By reevaluating a fossil species, researchers have developed a new theory for the lemur colonization of Madagascar.  

Aug 22, 2018
Sukanya Charuchandra
The aye-aye (Daubentonia) of Madagascar, thought to have descended from primates that colonized the island approximately 20 million years ago  
DAVID HARING, dharing@duke.edu

Researchers have reanalyzed a Kenyan fossil dating from the early Miocene epoch (between 23 million and 16 million years ago) that has been considered a fruit bat by popular opinion. The scientists argue instead that it is a relative of an aye-aye, a Madagascan lemur.
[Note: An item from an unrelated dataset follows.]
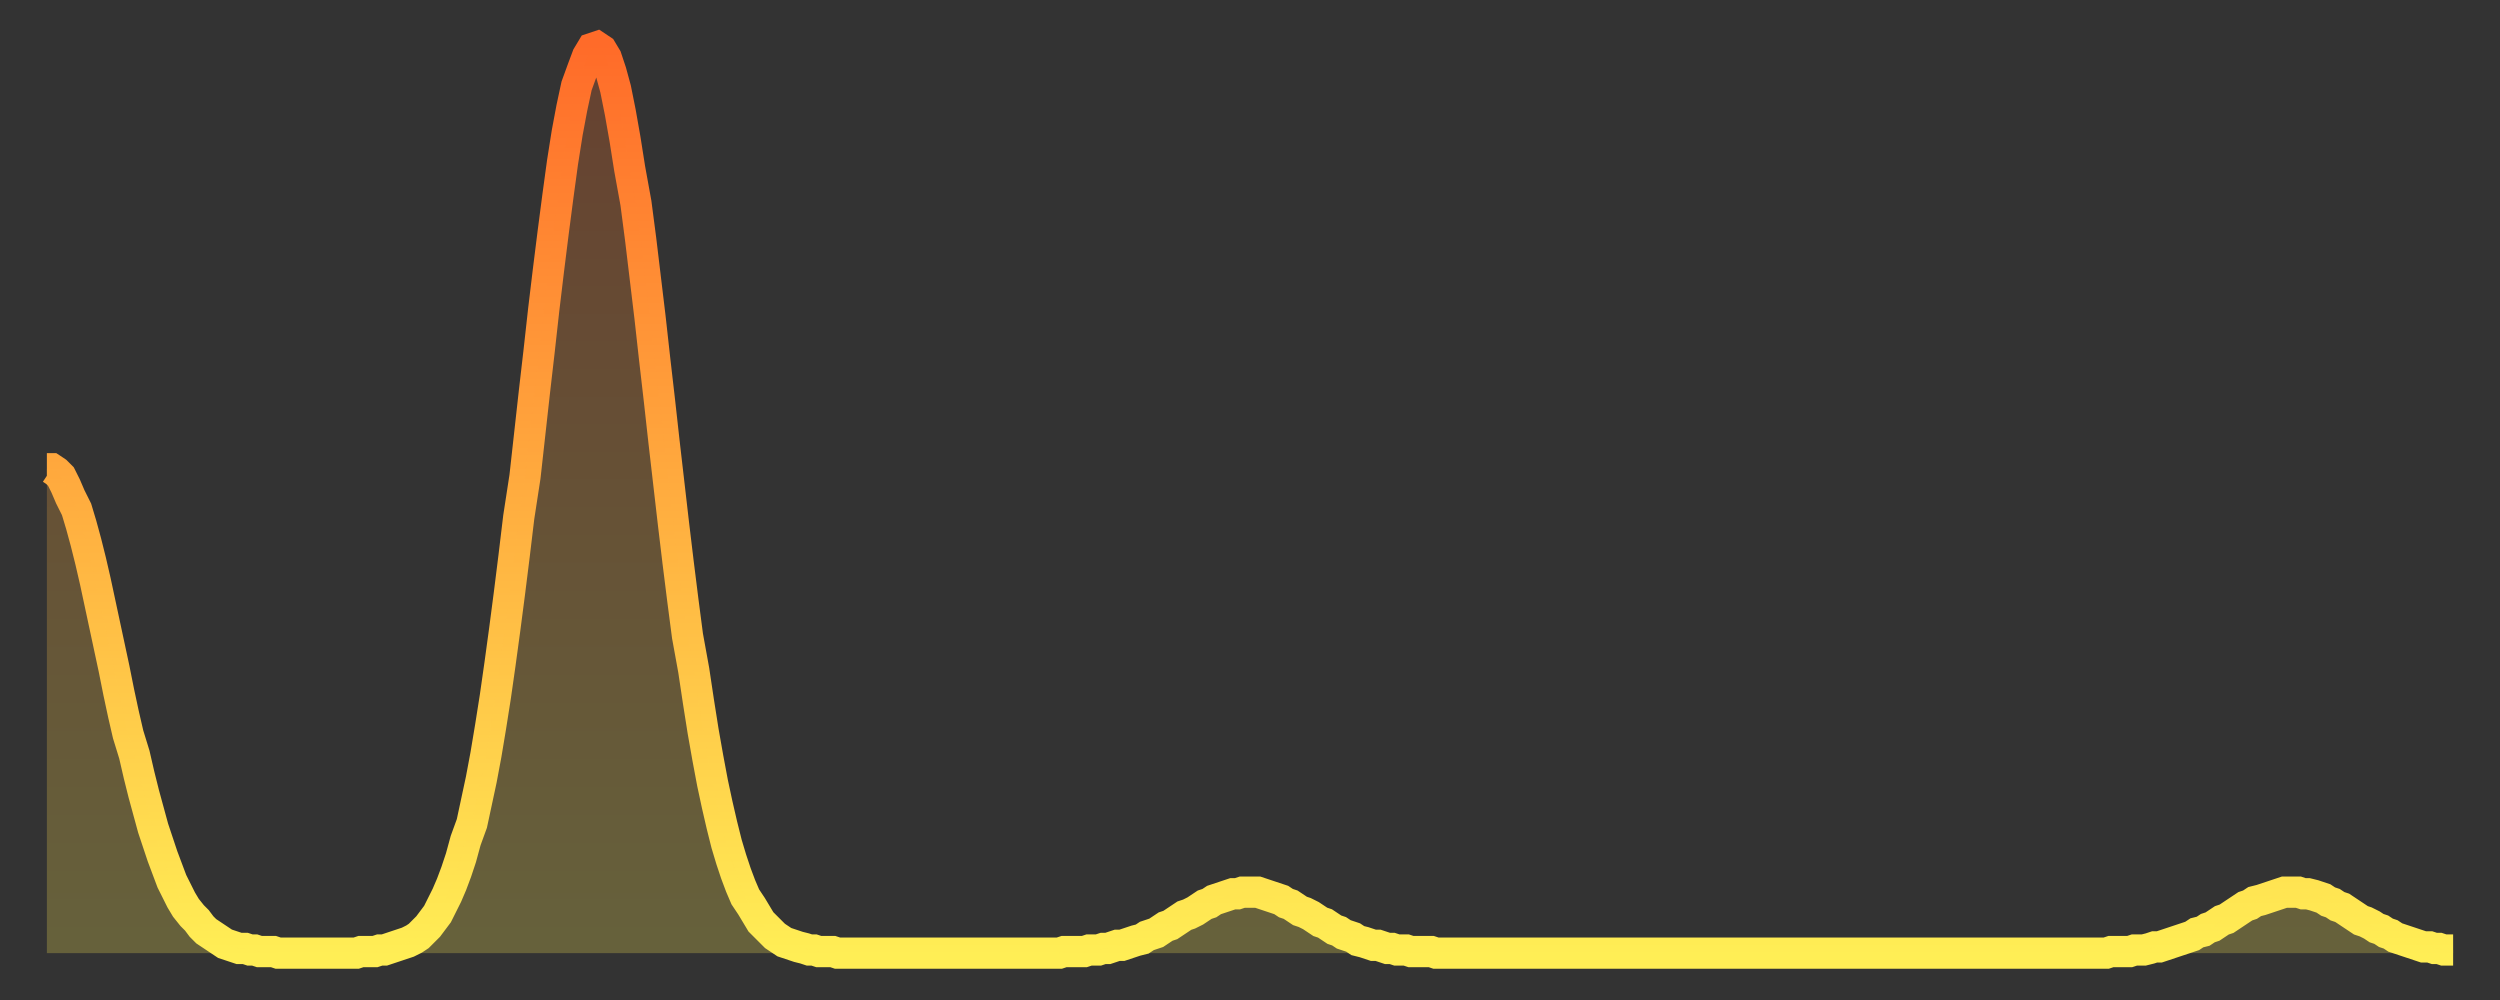 <?xml version="1.0" encoding="utf-8" ?>
<svg baseProfile="full" height="64" version="1.1" width="160" xmlns="http://www.w3.org/2000/svg" xmlns:ev="http://www.w3.org/2001/xml-events" xmlns:xlink="http://www.w3.org/1999/xlink"><rect width="100%" height="100%" fill="#333333" stroke="none"/><defs><linearGradient id="id586044" x1="0" x2="0" y1="0" y2="1"><stop offset="0%" stop-color="#ff6b29" /><stop offset="50%" stop-color="#ffad3f" /><stop offset="100%" stop-color="#ffee55" /></linearGradient></defs><g transform="translate(3,3)"><g><path d="M 0.0 27.0 0.3 27.0 0.6 27.2 0.9 27.5 1.2 28.1 1.5 28.8 1.9 29.6 2.2 30.6 2.5 31.7 2.8 32.9 3.1 34.2 3.4 35.6 3.7 37.0 4.0 38.4 4.3 39.8 4.6 41.3 4.9 42.7 5.2 44.0 5.6 45.3 5.9 46.6 6.2 47.8 6.5 48.9 6.8 50.0 7.1 50.9 7.4 51.8 7.7 52.6 8.0 53.4 8.3 54.0 8.6 54.6 8.9 55.1 9.3 55.6 9.6 55.9 9.9 56.3 10.2 56.6 10.5 56.8 10.8 57.0 11.1 57.2 11.4 57.4 11.7 57.5 12.0 57.6 12.3 57.7 12.7 57.7 13.0 57.8 13.3 57.8 13.6 57.9 13.9 57.9 14.2 57.9 14.5 57.9 14.8 58.0 15.1 58.0 15.4 58.0 15.7 58.0 16.0 58.0 16.4 58.0 16.7 58.0 17.0 58.0 17.3 58.0 17.6 58.0 17.9 58.0 18.2 58.0 18.5 58.0 18.8 58.0 19.1 58.0 19.4 58.0 19.8 58.0 20.1 57.9 20.4 57.9 20.7 57.9 21.0 57.9 21.3 57.8 21.6 57.8 21.9 57.7 22.2 57.6 22.5 57.5 22.8 57.4 23.1 57.3 23.5 57.1 23.8 56.9 24.1 56.6 24.4 56.3 24.7 55.9 25.0 55.5 25.3 54.9 25.6 54.3 25.9 53.6 26.2 52.8 26.5 51.9 26.8 50.8 27.2 49.7 27.5 48.3 27.8 46.9 28.1 45.3 28.4 43.5 28.7 41.6 29.0 39.5 29.3 37.3 29.6 35.0 29.9 32.6 30.2 30.1 30.6 27.5 30.9 24.8 31.2 22.1 31.5 19.5 31.8 16.8 32.1 14.3 32.4 11.9 32.7 9.6 33.0 7.4 33.3 5.5 33.6 3.9 33.9 2.5 34.3 1.4 34.6 0.6 34.9 0.1 35.2 0.0 35.5 0.2 35.8 0.7 36.1 1.6 36.4 2.7 36.7 4.2 37.0 5.9 37.3 7.8 37.7 10.0 38.0 12.3 38.3 14.8 38.6 17.3 38.9 20.0 39.2 22.6 39.5 25.3 39.8 27.9 40.1 30.5 40.4 33.0 40.7 35.4 41.0 37.7 41.4 39.9 41.7 41.9 42.0 43.8 42.3 45.5 42.6 47.1 42.9 48.5 43.2 49.8 43.5 51.0 43.8 52.0 44.1 52.9 44.4 53.7 44.7 54.4 45.1 55.0 45.4 55.5 45.7 56.0 46.0 56.3 46.3 56.6 46.6 56.9 46.9 57.1 47.2 57.3 47.5 57.4 47.8 57.5 48.1 57.6 48.5 57.7 48.8 57.8 49.1 57.8 49.4 57.9 49.7 57.9 50.0 57.9 50.3 57.9 50.6 58.0 50.9 58.0 51.2 58.0 51.5 58.0 51.8 58.0 52.2 58.0 52.5 58.0 52.8 58.0 53.1 58.0 53.4 58.0 53.7 58.0 54.0 58.0 54.3 58.0 54.6 58.0 54.9 58.0 55.2 58.0 55.6 58.0 55.9 58.0 56.2 58.0 56.5 58.0 56.8 58.0 57.1 58.0 57.4 58.0 57.7 58.0 58.0 58.0 58.3 58.0 58.6 58.0 58.9 58.0 59.3 58.0 59.6 58.0 59.9 58.0 60.2 58.0 60.5 58.0 60.8 58.0 61.1 58.0 61.4 58.0 61.7 58.0 62.0 58.0 62.3 58.0 62.6 58.0 63.0 58.0 63.3 58.0 63.6 58.0 63.9 58.0 64.2 58.0 64.5 58.0 64.8 58.0 65.1 57.9 65.4 57.9 65.7 57.9 66.0 57.9 66.4 57.9 66.7 57.8 67.0 57.8 67.3 57.8 67.6 57.7 67.9 57.7 68.2 57.6 68.5 57.5 68.8 57.5 69.1 57.4 69.4 57.3 69.7 57.2 70.1 57.1 70.4 56.9 70.7 56.8 71.0 56.7 71.3 56.5 71.6 56.3 71.9 56.2 72.2 56.0 72.5 55.8 72.8 55.6 73.1 55.5 73.5 55.3 73.8 55.1 74.1 54.9 74.4 54.8 74.7 54.6 75.0 54.5 75.3 54.4 75.6 54.3 75.9 54.2 76.2 54.2 76.5 54.1 76.8 54.1 77.2 54.1 77.5 54.1 77.8 54.2 78.1 54.3 78.4 54.4 78.7 54.5 79.0 54.6 79.3 54.8 79.6 54.9 79.9 55.1 80.2 55.3 80.5 55.4 80.9 55.6 81.2 55.8 81.5 56.0 81.8 56.1 82.1 56.3 82.4 56.5 82.7 56.6 83.0 56.8 83.3 56.9 83.6 57.0 83.9 57.2 84.3 57.3 84.6 57.4 84.9 57.5 85.2 57.5 85.5 57.6 85.8 57.7 86.1 57.7 86.4 57.8 86.7 57.8 87.0 57.8 87.3 57.9 87.6 57.9 88.0 57.9 88.3 57.9 88.6 57.9 88.9 58.0 89.2 58.0 89.5 58.0 89.8 58.0 90.1 58.0 90.4 58.0 90.7 58.0 91.0 58.0 91.4 58.0 91.7 58.0 92.0 58.0 92.3 58.0 92.6 58.0 92.9 58.0 93.2 58.0 93.5 58.0 93.8 58.0 94.1 58.0 94.4 58.0 94.7 58.0 95.1 58.0 95.4 58.0 95.7 58.0 96.0 58.0 96.3 58.0 96.6 58.0 96.9 58.0 97.2 58.0 97.5 58.0 97.8 58.0 98.1 58.0 98.4 58.0 98.8 58.0 99.1 58.0 99.4 58.0 99.7 58.0 100.0 58.0 100.3 58.0 100.6 58.0 100.9 58.0 101.2 58.0 101.5 58.0 101.8 58.0 102.2 58.0 102.5 58.0 102.8 58.0 103.1 58.0 103.4 58.0 103.7 58.0 104.0 58.0 104.3 58.0 104.6 58.0 104.9 58.0 105.2 58.0 105.5 58.0 105.9 58.0 106.2 58.0 106.5 58.0 106.8 58.0 107.1 58.0 107.4 58.0 107.7 58.0 108.0 58.0 108.3 58.0 108.6 58.0 108.9 58.0 109.3 58.0 109.6 58.0 109.9 58.0 110.2 58.0 110.5 58.0 110.8 58.0 111.1 58.0 111.4 58.0 111.7 58.0 112.0 58.0 112.3 58.0 112.6 58.0 113.0 58.0 113.3 58.0 113.6 58.0 113.9 58.0 114.2 58.0 114.5 58.0 114.8 58.0 115.1 58.0 115.4 58.0 115.7 58.0 116.0 58.0 116.3 58.0 116.7 58.0 117.0 58.0 117.3 58.0 117.6 58.0 117.9 58.0 118.2 58.0 118.5 58.0 118.8 58.0 119.1 58.0 119.4 58.0 119.7 58.0 120.1 58.0 120.4 58.0 120.7 58.0 121.0 58.0 121.3 58.0 121.6 58.0 121.9 58.0 122.2 58.0 122.5 58.0 122.8 58.0 123.1 58.0 123.4 58.0 123.8 58.0 124.1 58.0 124.4 58.0 124.7 58.0 125.0 58.0 125.3 58.0 125.6 58.0 125.9 58.0 126.2 58.0 126.5 58.0 126.8 58.0 127.2 58.0 127.5 58.0 127.8 58.0 128.1 58.0 128.4 58.0 128.7 58.0 129.0 58.0 129.3 58.0 129.6 58.0 129.9 58.0 130.2 58.0 130.5 58.0 130.9 58.0 131.2 58.0 131.5 58.0 131.8 58.0 132.1 57.9 132.4 57.9 132.7 57.9 133.0 57.9 133.3 57.9 133.6 57.8 133.9 57.8 134.2 57.8 134.6 57.7 134.9 57.6 135.2 57.6 135.5 57.5 135.8 57.4 136.1 57.3 136.4 57.2 136.7 57.1 137.0 57.0 137.3 56.9 137.6 56.7 138.0 56.6 138.3 56.4 138.6 56.3 138.9 56.1 139.2 55.9 139.5 55.8 139.8 55.6 140.1 55.4 140.4 55.2 140.7 55.0 141.0 54.9 141.3 54.7 141.7 54.6 142.0 54.5 142.3 54.4 142.6 54.3 142.9 54.2 143.2 54.1 143.5 54.1 143.8 54.1 144.1 54.1 144.4 54.2 144.7 54.2 145.1 54.3 145.4 54.4 145.7 54.5 146.0 54.7 146.3 54.8 146.6 55.0 146.9 55.1 147.2 55.3 147.5 55.5 147.8 55.7 148.1 55.9 148.4 56.0 148.8 56.2 149.1 56.4 149.4 56.5 149.7 56.7 150.0 56.8 150.3 57.0 150.6 57.1 150.9 57.2 151.2 57.3 151.5 57.4 151.8 57.5 152.1 57.6 152.5 57.6 152.8 57.7 153.1 57.7 153.4 57.8 153.7 57.8 154.0 57.8" fill="none" id="graph-curve" opacity="1" stroke="url(#id586044)" stroke-width="2" /><path d="M 0 58 L 0.0 27.0 0.3 27.0 0.6 27.2 0.9 27.5 1.2 28.1 1.5 28.8 1.9 29.6 2.2 30.6 2.5 31.7 2.8 32.9 3.1 34.2 3.4 35.6 3.7 37.0 4.0 38.4 4.3 39.8 4.6 41.3 4.9 42.7 5.2 44.0 5.6 45.3 5.9 46.6 6.2 47.8 6.5 48.9 6.8 50.0 7.1 50.9 7.4 51.8 7.7 52.6 8.0 53.4 8.3 54.0 8.6 54.6 8.9 55.1 9.3 55.6 9.6 55.9 9.9 56.3 10.2 56.6 10.5 56.8 10.8 57.0 11.1 57.2 11.4 57.4 11.7 57.5 12.0 57.6 12.3 57.7 12.7 57.7 13.0 57.8 13.3 57.8 13.6 57.9 13.9 57.9 14.2 57.9 14.5 57.9 14.8 58.0 15.1 58.0 15.4 58.0 15.7 58.0 16.0 58.0 16.4 58.0 16.7 58.0 17.0 58.0 17.3 58.0 17.6 58.0 17.9 58.0 18.2 58.0 18.5 58.0 18.8 58.0 19.1 58.0 19.4 58.0 19.8 58.0 20.1 57.9 20.4 57.9 20.7 57.9 21.0 57.9 21.3 57.8 21.6 57.8 21.9 57.7 22.2 57.6 22.5 57.5 22.8 57.4 23.1 57.3 23.5 57.1 23.8 56.9 24.1 56.6 24.4 56.3 24.7 55.9 25.0 55.5 25.3 54.9 25.6 54.3 25.9 53.6 26.2 52.8 26.5 51.9 26.8 50.8 27.2 49.7 27.5 48.3 27.8 46.9 28.1 45.3 28.4 43.5 28.7 41.6 29.0 39.5 29.3 37.3 29.6 35.0 29.9 32.6 30.2 30.1 30.6 27.5 30.9 24.8 31.2 22.1 31.5 19.5 31.8 16.8 32.1 14.3 32.4 11.9 32.7 9.6 33.0 7.4 33.3 5.5 33.6 3.9 33.9 2.5 34.3 1.4 34.6 0.6 34.9 0.1 35.2 0.0 35.5 0.2 35.8 0.7 36.1 1.6 36.4 2.7 36.7 4.2 37.0 5.9 37.3 7.8 37.7 10.0 38.0 12.3 38.3 14.8 38.6 17.3 38.9 20.0 39.2 22.6 39.5 25.3 39.8 27.9 40.1 30.5 40.4 33.0 40.7 35.4 41.0 37.7 41.4 39.9 41.7 41.9 42.0 43.8 42.3 45.5 42.6 47.1 42.9 48.5 43.2 49.8 43.5 51.0 43.8 52.0 44.1 52.9 44.4 53.7 44.7 54.4 45.1 55.0 45.4 55.5 45.7 56.0 46.0 56.3 46.3 56.6 46.6 56.9 46.9 57.1 47.2 57.3 47.5 57.4 47.8 57.5 48.1 57.6 48.5 57.7 48.8 57.8 49.1 57.8 49.4 57.9 49.7 57.9 50.0 57.9 50.3 57.9 50.6 58.0 50.9 58.0 51.2 58.0 51.5 58.0 51.8 58.0 52.2 58.0 52.5 58.0 52.8 58.0 53.1 58.0 53.4 58.0 53.7 58.0 54.0 58.0 54.3 58.0 54.6 58.0 54.9 58.0 55.2 58.0 55.6 58.0 55.9 58.0 56.2 58.0 56.5 58.0 56.8 58.0 57.1 58.0 57.4 58.0 57.7 58.0 58.0 58.0 58.3 58.0 58.6 58.0 58.9 58.0 59.3 58.0 59.6 58.0 59.9 58.0 60.2 58.0 60.5 58.0 60.8 58.0 61.1 58.0 61.4 58.0 61.7 58.0 62.0 58.0 62.3 58.0 62.6 58.0 63.0 58.0 63.3 58.0 63.6 58.0 63.9 58.0 64.2 58.0 64.5 58.0 64.8 58.0 65.1 57.9 65.4 57.9 65.7 57.9 66.0 57.9 66.4 57.9 66.7 57.8 67.0 57.8 67.3 57.8 67.6 57.7 67.9 57.7 68.2 57.6 68.5 57.5 68.8 57.5 69.1 57.4 69.4 57.3 69.7 57.2 70.1 57.1 70.4 56.9 70.7 56.8 71.0 56.7 71.3 56.5 71.6 56.3 71.9 56.2 72.2 56.0 72.5 55.8 72.8 55.6 73.1 55.5 73.5 55.3 73.8 55.1 74.1 54.9 74.4 54.8 74.7 54.6 75.0 54.5 75.3 54.4 75.6 54.3 75.9 54.2 76.2 54.2 76.5 54.1 76.8 54.1 77.2 54.1 77.5 54.1 77.8 54.2 78.1 54.3 78.4 54.4 78.7 54.5 79.0 54.6 79.3 54.8 79.6 54.9 79.9 55.1 80.2 55.3 80.5 55.4 80.9 55.6 81.2 55.8 81.5 56.0 81.8 56.1 82.1 56.3 82.4 56.5 82.7 56.6 83.0 56.8 83.3 56.9 83.6 57.0 83.9 57.2 84.3 57.3 84.6 57.4 84.9 57.5 85.2 57.5 85.5 57.6 85.8 57.7 86.1 57.7 86.4 57.8 86.7 57.8 87.0 57.8 87.3 57.9 87.6 57.9 88.0 57.9 88.3 57.9 88.6 57.9 88.9 58.0 89.2 58.0 89.5 58.0 89.8 58.0 90.1 58.0 90.4 58.0 90.7 58.0 91.0 58.0 91.4 58.0 91.7 58.0 92.0 58.0 92.3 58.0 92.6 58.0 92.9 58.0 93.2 58.0 93.5 58.0 93.8 58.0 94.1 58.0 94.4 58.0 94.7 58.0 95.1 58.0 95.4 58.0 95.7 58.0 96.0 58.0 96.3 58.0 96.6 58.0 96.9 58.0 97.2 58.0 97.5 58.0 97.8 58.0 98.1 58.0 98.4 58.0 98.8 58.0 99.1 58.0 99.4 58.0 99.7 58.0 100.0 58.0 100.3 58.0 100.6 58.0 100.9 58.0 101.2 58.0 101.5 58.0 101.8 58.0 102.2 58.0 102.5 58.0 102.8 58.0 103.1 58.0 103.4 58.0 103.7 58.0 104.0 58.0 104.3 58.0 104.6 58.0 104.9 58.0 105.2 58.0 105.5 58.0 105.9 58.0 106.2 58.0 106.5 58.0 106.8 58.0 107.1 58.0 107.4 58.0 107.7 58.0 108.0 58.0 108.3 58.0 108.6 58.0 108.9 58.0 109.3 58.0 109.6 58.0 109.9 58.0 110.2 58.0 110.5 58.0 110.8 58.0 111.1 58.0 111.4 58.0 111.7 58.0 112.0 58.0 112.3 58.0 112.6 58.0 113.0 58.0 113.3 58.0 113.6 58.0 113.9 58.0 114.2 58.0 114.5 58.0 114.8 58.0 115.1 58.0 115.4 58.0 115.7 58.0 116.0 58.0 116.3 58.0 116.7 58.0 117.0 58.0 117.3 58.0 117.6 58.0 117.9 58.0 118.2 58.0 118.5 58.0 118.8 58.0 119.1 58.0 119.4 58.0 119.7 58.0 120.1 58.0 120.4 58.0 120.7 58.0 121.0 58.0 121.3 58.0 121.6 58.0 121.9 58.0 122.2 58.0 122.5 58.0 122.8 58.0 123.1 58.0 123.4 58.0 123.8 58.0 124.1 58.0 124.4 58.0 124.7 58.0 125.0 58.0 125.3 58.0 125.6 58.0 125.9 58.0 126.2 58.0 126.5 58.0 126.8 58.0 127.2 58.0 127.5 58.0 127.8 58.0 128.1 58.0 128.4 58.0 128.7 58.0 129.0 58.0 129.3 58.0 129.6 58.0 129.9 58.0 130.2 58.0 130.5 58.0 130.9 58.0 131.2 58.0 131.5 58.0 131.8 58.0 132.1 57.9 132.4 57.9 132.7 57.9 133.0 57.9 133.3 57.9 133.6 57.8 133.9 57.8 134.2 57.8 134.6 57.7 134.9 57.6 135.2 57.6 135.5 57.5 135.8 57.4 136.1 57.3 136.4 57.2 136.7 57.1 137.0 57.0 137.3 56.9 137.6 56.7 138.0 56.6 138.3 56.4 138.6 56.3 138.9 56.1 139.2 55.9 139.5 55.8 139.8 55.6 140.1 55.4 140.4 55.2 140.7 55.0 141.0 54.9 141.3 54.7 141.7 54.6 142.0 54.5 142.3 54.4 142.6 54.3 142.9 54.2 143.2 54.1 143.5 54.1 143.8 54.1 144.1 54.1 144.4 54.2 144.7 54.2 145.1 54.3 145.4 54.4 145.7 54.5 146.0 54.7 146.3 54.8 146.6 55.0 146.9 55.1 147.2 55.3 147.5 55.5 147.8 55.7 148.1 55.9 148.4 56.0 148.8 56.2 149.1 56.4 149.4 56.5 149.7 56.7 150.0 56.8 150.3 57.0 150.6 57.1 150.9 57.2 151.2 57.3 151.5 57.4 151.8 57.5 152.1 57.6 152.5 57.6 152.8 57.7 153.1 57.7 153.4 57.8 153.7 57.8 154.0 57.8 154 58" fill="url(#id586044)" fill-opacity=".25" id="graph-shadow" /></g></g></svg>

The team studied the teeth of the “bat,” Propotto leakeyi, and a 34-million-year-old Egyptian primate fossil, called Plesiopithecus teras, and found the two to be related. 

Historically, researchers have believed that lemurs colonized Madagascar more than 50 million years ago. Given this new evidence published yesterday (August 21) in Nature Communications, the researchers propose the aye-ayes and other lemurs of Madagascar may have crossed over from Africa in two separate waves—one 20 million years ago and the other 50 million years ago. 

G.F. Gunnell et al., “Fossil lemurs from Egypt and Kenya suggest an African origin for Madagascar’s aye-aye,” Nat Commun, doi:10.1038/s41467-018-05648-w, 2018.